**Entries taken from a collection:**
━━━━━━
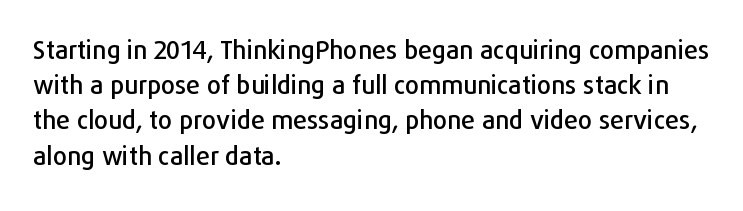
{"italic": "no", "underline": "no", "align": "left", "line_spacing": "normal", "line_spacing_ratio": 1.41, "letter_spacing": "normal", "letter_spacing_em": 0.0, "glyph_px": 25}
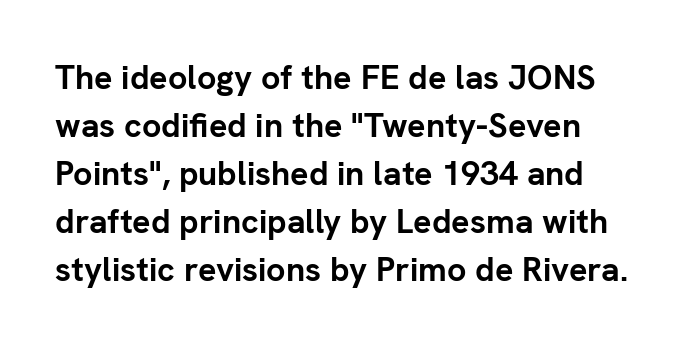
Q: Is the text bold? A: Yes.
Q: Is the text italic (slanted)? A: No, it is upright.
Q: Is the typeface a serif or a sans-serif typeface? A: Sans-serif.
Q: Is the text underlined? A: No.
Q: Is the spacing between letters normal or unusually wide? A: Normal.
Q: Is the spacing between lines tight, normal or loose? A: Normal.
Q: Width (condensed, normal, or wide)? A: Normal.
Q: Stroke contrast? A: Low.
Q: x-height? A: Medium.
Q: Monospaced? A: No.
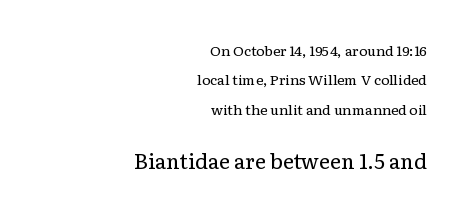
Bold? No — there's no thickening of the strokes. The type sits square on the baseline with zero lean. Casual observation: everything's shoved over to the right. The type is set solid horizontally, with unmodified tracking. A student would notice the bottom passage is typeset larger than what precedes it.
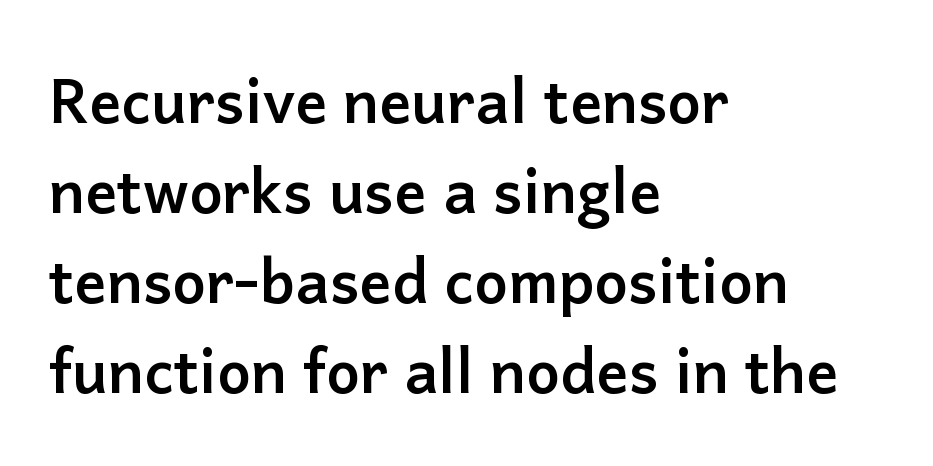
{"serif": "no", "italic": "no", "bold": "yes", "weight": "semibold", "width": "normal", "stroke_contrast": "low", "x_height": "medium", "monospaced": "no", "underline": "no", "align": "left", "line_spacing": "normal", "line_spacing_ratio": 1.5, "letter_spacing": "normal", "letter_spacing_em": 0.0, "glyph_px": 60}
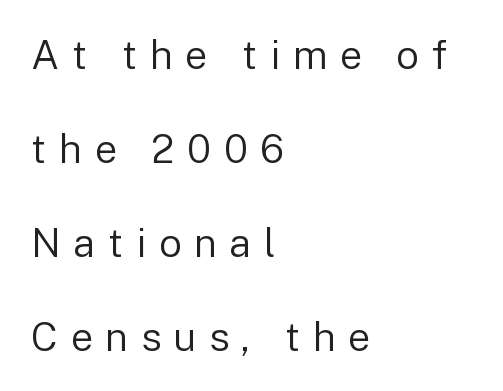
{"serif": "no", "italic": "no", "bold": "no", "weight": "regular", "width": "normal", "stroke_contrast": "low", "x_height": "medium", "monospaced": "no", "underline": "no", "align": "left", "line_spacing": "loose", "line_spacing_ratio": 2.35, "letter_spacing": "wide", "letter_spacing_em": 0.31, "glyph_px": 40}
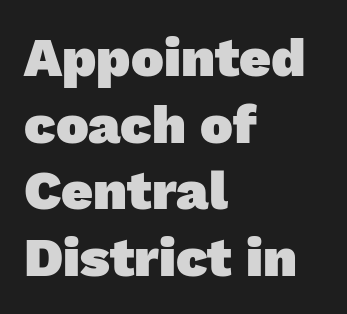
{"serif": "no", "bold": "yes", "weight": "heavy", "width": "normal", "stroke_contrast": "low", "x_height": "medium", "monospaced": "no", "underline": "no", "align": "left", "line_spacing_ratio": 1.21, "letter_spacing": "normal", "letter_spacing_em": 0.0, "glyph_px": 55}
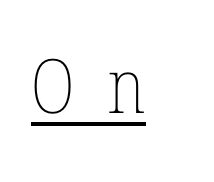
The image shows 75 px thin, condensed type, upright; set unusually wide letter spacing (+0.44 em), underlined; low stroke contrast and a medium x-height.
━━━━━━
**Goal of the exercise:**
Exact copy, no pictures: please print the data above once more.

**Your solution:**
{"italic": "no", "underline": "no", "align": "left", "line_spacing": "normal", "line_spacing_ratio": 1.41, "letter_spacing": "normal", "letter_spacing_em": 0.0, "glyph_px": 25}
Q: Is the text bold? A: Yes.
Q: Is the text italic (slanted)? A: No, it is upright.
Q: Is the typeface a serif or a sans-serif typeface? A: Sans-serif.
Q: Is the text underlined? A: No.
Q: Is the spacing between letters normal or unusually wide? A: Normal.
Q: Is the spacing between lines tight, normal or loose? A: Normal.
Q: Width (condensed, normal, or wide)? A: Normal.
Q: Stroke contrast? A: Low.
Q: x-height? A: Medium.
Q: Monospaced? A: No.
Bold? No — there's no thickening of the strokes. The type sits square on the baseline with zero lean. Casual observation: everything's shoved over to the right. The type is set solid horizontally, with unmodified tracking. A student would notice the bottom passage is typeset larger than what precedes it.
{"serif": "no", "italic": "no", "bold": "yes", "weight": "semibold", "width": "normal", "stroke_contrast": "low", "x_height": "medium", "monospaced": "no", "underline": "no", "align": "left", "line_spacing": "normal", "line_spacing_ratio": 1.5, "letter_spacing": "normal", "letter_spacing_em": 0.0, "glyph_px": 60}
{"serif": "no", "italic": "no", "bold": "no", "weight": "regular", "width": "normal", "stroke_contrast": "low", "x_height": "medium", "monospaced": "no", "underline": "no", "align": "left", "line_spacing": "loose", "line_spacing_ratio": 2.35, "letter_spacing": "wide", "letter_spacing_em": 0.31, "glyph_px": 40}
{"serif": "no", "bold": "yes", "weight": "heavy", "width": "normal", "stroke_contrast": "low", "x_height": "medium", "monospaced": "no", "underline": "no", "align": "left", "line_spacing_ratio": 1.21, "letter_spacing": "normal", "letter_spacing_em": 0.0, "glyph_px": 55}
The image shows 75 px thin, condensed type, upright; set unusually wide letter spacing (+0.44 em), underlined; low stroke contrast and a medium x-height.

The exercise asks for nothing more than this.